## THE TASK
Beginning at the line with "7.6 sec elapsed since image 1.", please repeat each line exactly through the end of the records below, including that first line and the last, but no pictures.
---------- RECORDED INFORMATION ----------
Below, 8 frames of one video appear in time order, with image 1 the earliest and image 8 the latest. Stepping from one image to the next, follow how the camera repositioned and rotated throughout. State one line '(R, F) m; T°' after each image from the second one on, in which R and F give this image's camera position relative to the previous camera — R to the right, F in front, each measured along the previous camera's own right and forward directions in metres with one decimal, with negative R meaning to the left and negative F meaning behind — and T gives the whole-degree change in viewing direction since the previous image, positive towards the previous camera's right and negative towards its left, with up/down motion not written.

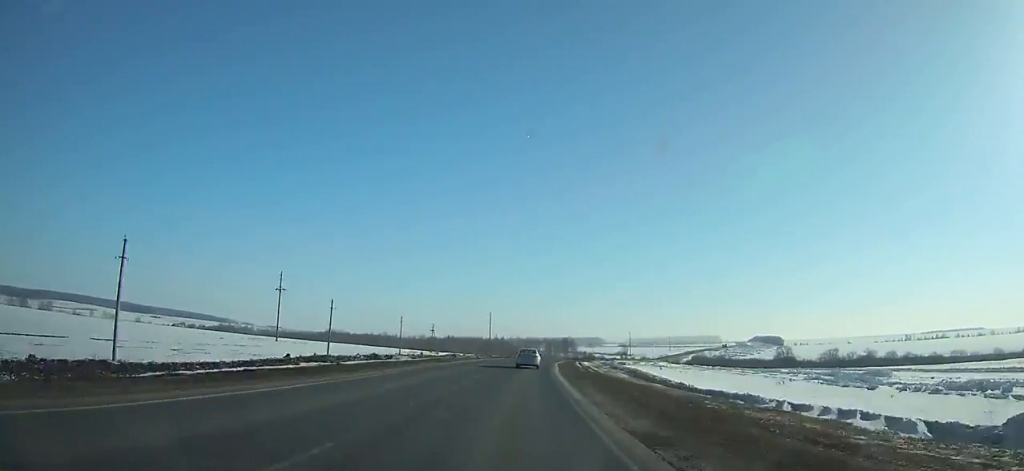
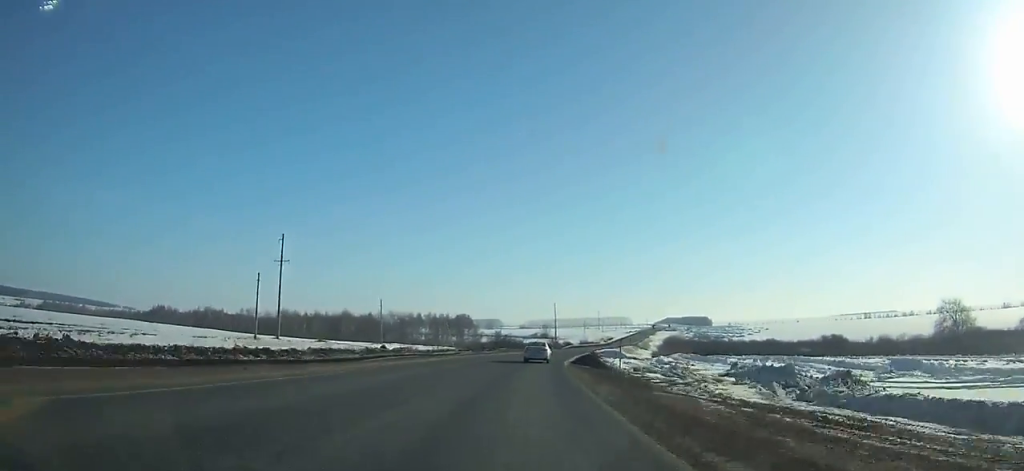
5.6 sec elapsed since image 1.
(+12.3, +150.9) m; +11°
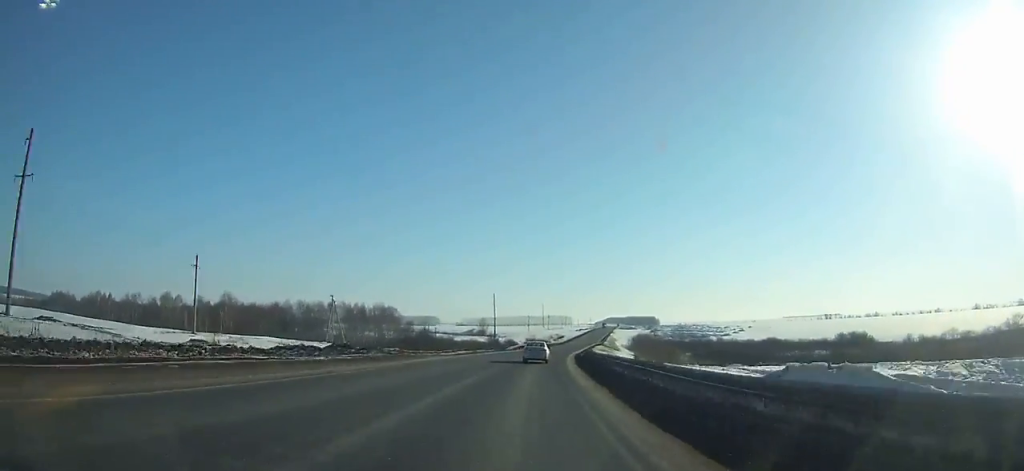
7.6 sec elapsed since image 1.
(+1.8, +53.3) m; +5°
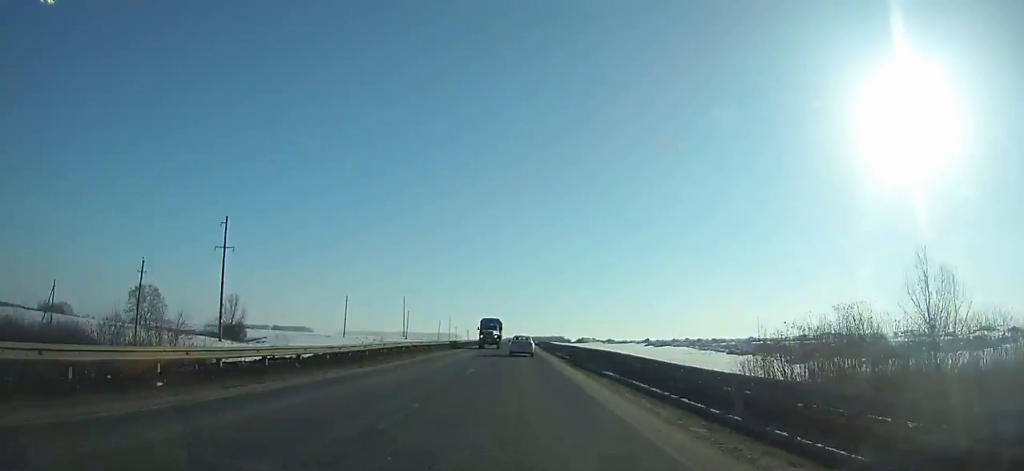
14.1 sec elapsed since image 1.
(+18.3, +171.8) m; +8°
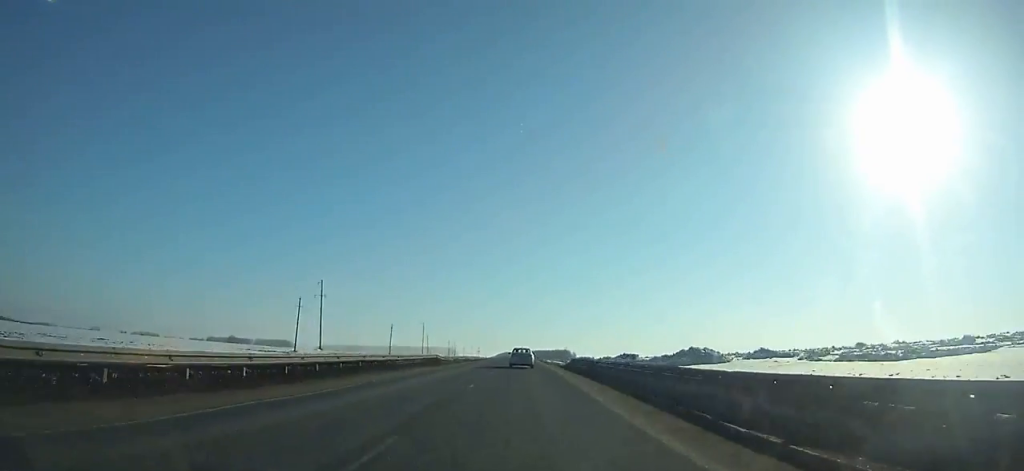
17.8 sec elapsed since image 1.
(+0.3, +98.5) m; 0°
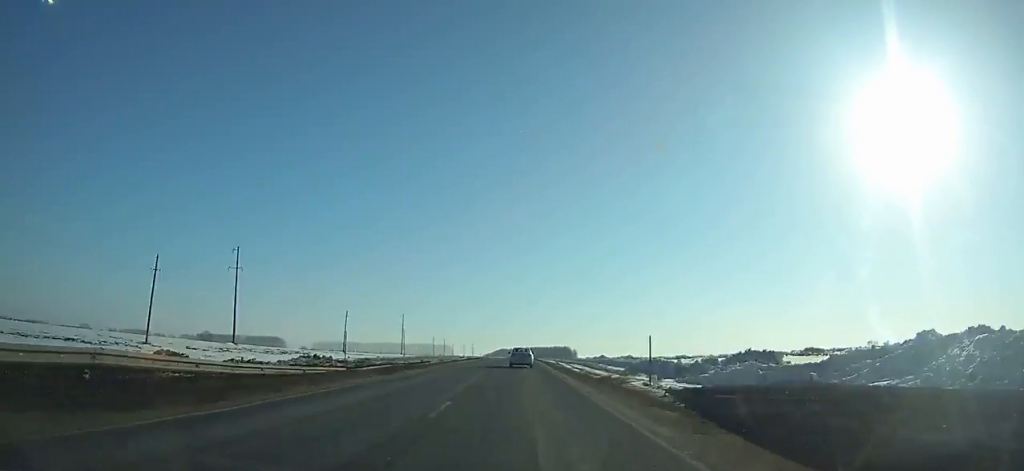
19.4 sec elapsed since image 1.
(0.0, +42.6) m; 0°
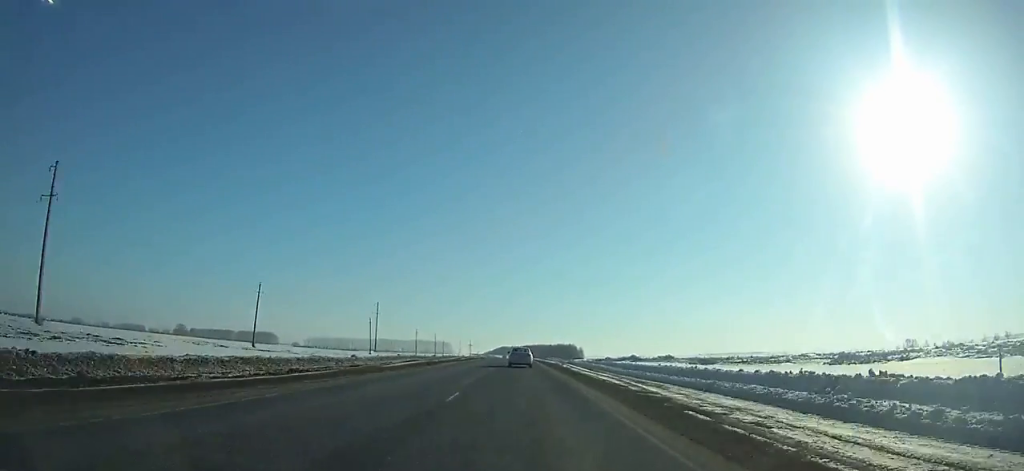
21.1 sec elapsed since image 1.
(+0.2, +45.3) m; 0°
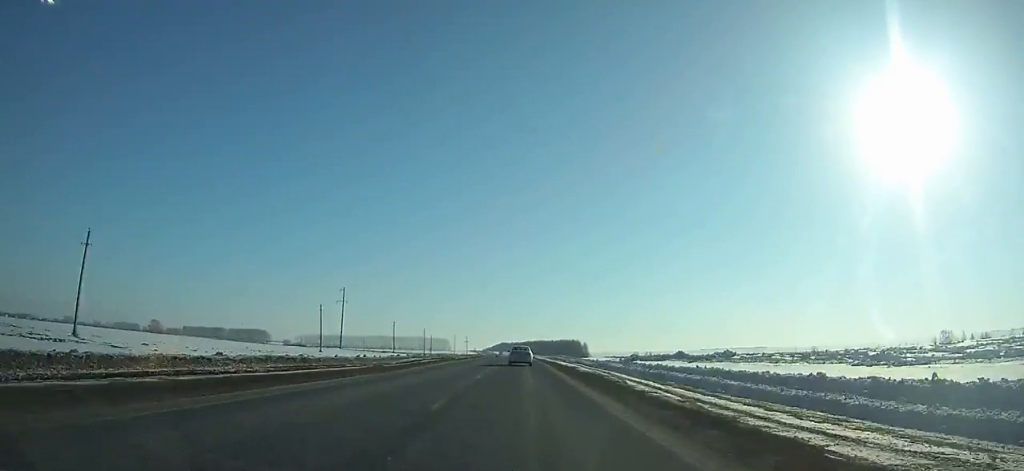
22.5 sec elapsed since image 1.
(0.0, +37.4) m; 0°
----------
## RESPONSE TO THIS TASK
7.6 sec elapsed since image 1.
(+1.8, +53.3) m; +5°
14.1 sec elapsed since image 1.
(+18.3, +171.8) m; +8°
17.8 sec elapsed since image 1.
(+0.3, +98.5) m; 0°
19.4 sec elapsed since image 1.
(0.0, +42.6) m; 0°
21.1 sec elapsed since image 1.
(+0.2, +45.3) m; 0°
22.5 sec elapsed since image 1.
(0.0, +37.4) m; 0°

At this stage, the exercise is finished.